Jesse Powell

No. 56
- Position: Linebacker

Personal information
- Born: April 14, 1947 Matador, Texas, U.S.
- Died: June 14, 2012 (aged 65) Lubbock, Texas, U.S.
- Listed height: 6 ft 2 in (1.88 m)
- Listed weight: 220 lb (100 kg)

Career information
- High school: Spur (Spur, Texas)
- College: West Texas A&M
- NFL draft: 1969: 9th round, 219th overall pick

Career history
- Miami Dolphins (1969-1973);

Awards and highlights
- 2× Super Bowl champion (VII, VIII);

Career NFL/AFL statistics
- Fumble recoveries: 3
- Sacks: 1
- Stats at Pro Football Reference

= Jesse Powell (American football) =

American football player (1947–2012)

Jesse Loy Powell (April 14, 1947 – June 14, 2012) was an American professional football linebacker in the National Football League (NFL). He attended West Texas A&M. He played linebacker and special teams with the Miami Dolphins from 1969 to 1973.

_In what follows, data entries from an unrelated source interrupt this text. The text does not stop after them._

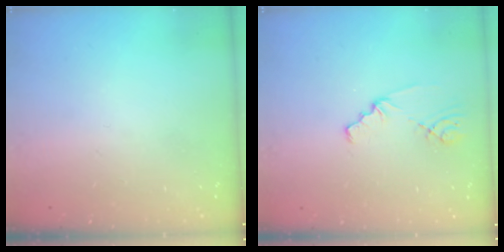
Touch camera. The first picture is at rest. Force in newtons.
{"total": 1.1, "press": 1.1, "slide": 0.2}
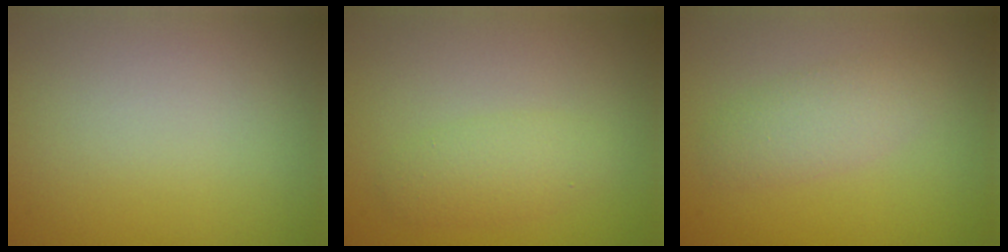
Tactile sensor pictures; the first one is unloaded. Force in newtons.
{"total": 2.2, "press": 2.2, "slide": 0.1}
{"total": 2.5, "press": 2.5, "slide": 0.1}
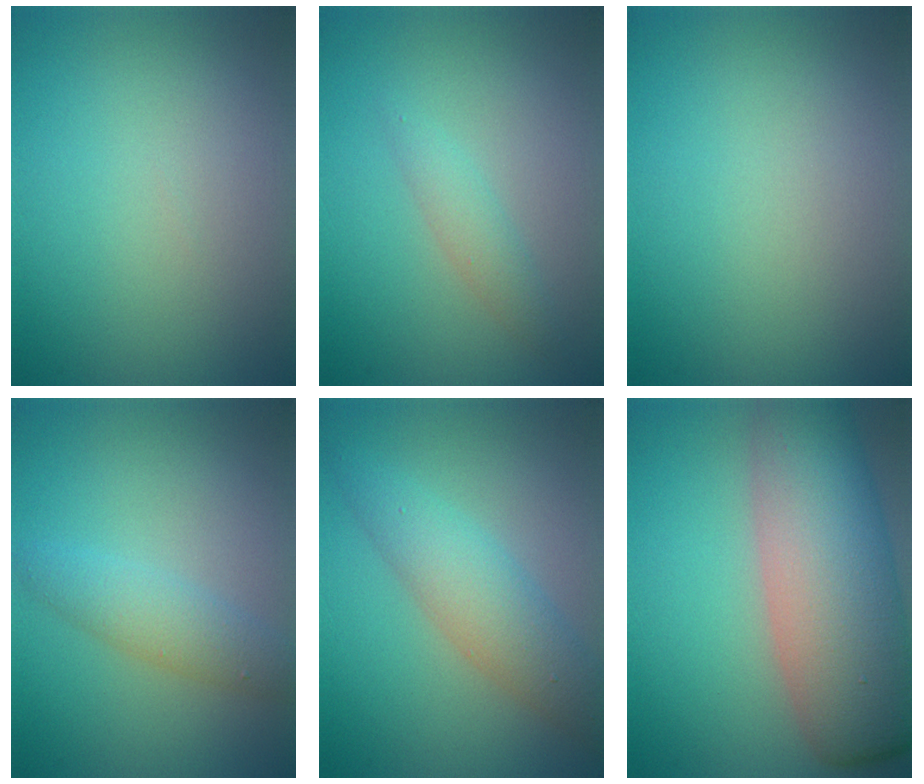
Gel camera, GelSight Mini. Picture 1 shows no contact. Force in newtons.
{"total": 1.6, "press": 1.6, "slide": 0.0}
{"total": 0.0}
{"total": 2.8, "press": 2.8, "slide": 0.1}
{"total": 4.6, "press": 4.6, "slide": 0.1}
{"total": 11.7, "press": 11.7, "slide": 0.5}
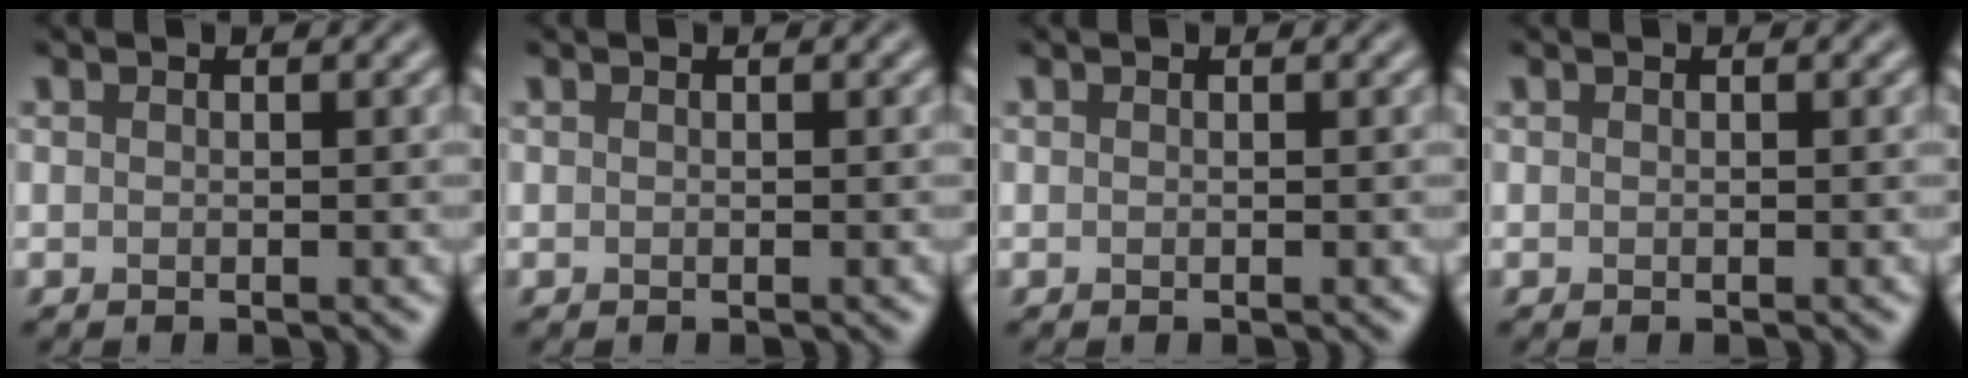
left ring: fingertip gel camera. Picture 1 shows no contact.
{"total": 0.0}
{"total": 0.0}
{"total": 0.0}
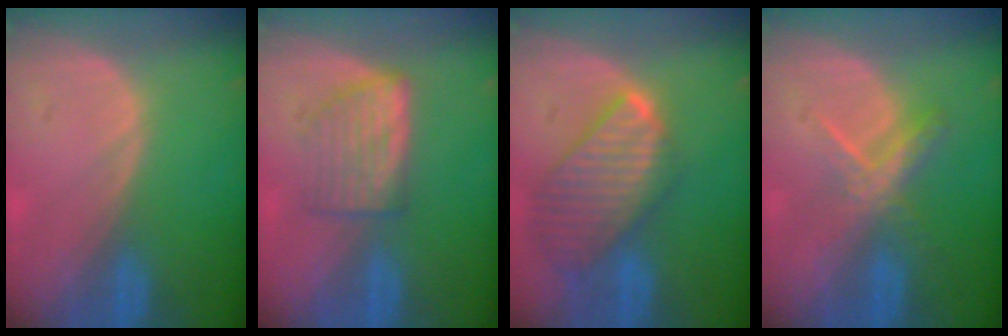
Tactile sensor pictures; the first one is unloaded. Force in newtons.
{"total": 5.8, "press": 5.4, "slide": 2.1}
{"total": 9.7, "press": 8.4, "slide": 4.9}
{"total": 5.5, "press": 4.9, "slide": 2.5}
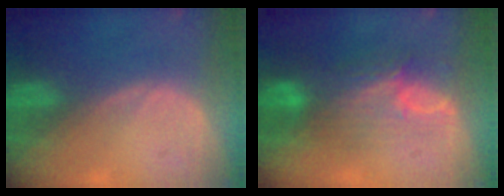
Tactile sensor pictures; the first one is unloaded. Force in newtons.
{"total": 7.7, "press": 7.5, "slide": 1.7}

Powell was a member of the Dolphins during their perfect season of 1972 when the team had a 17-0 combined record in the regular season and playoffs and won Super Bowl VII. Early in the 1973 season he was bothered by a chronic knee injury he suffered the prior season, which required season-ending surgery after 3 games to remove bone chips. He announced his retirement from pro football just before the start of the 1974 preseason. Overall, Powell played for three Super Bowl teams.

Following retirement from the NFL, Powell briefly worked in the food industry before working with State Farm Insurance for 35 years. He retired from that company on March 31, 2012.

Powell died in a Texas hospital on June 14, 2012. His brother told a local news agency that the mechanism of death was cardiac arrest, but a formal cause of death had not been established.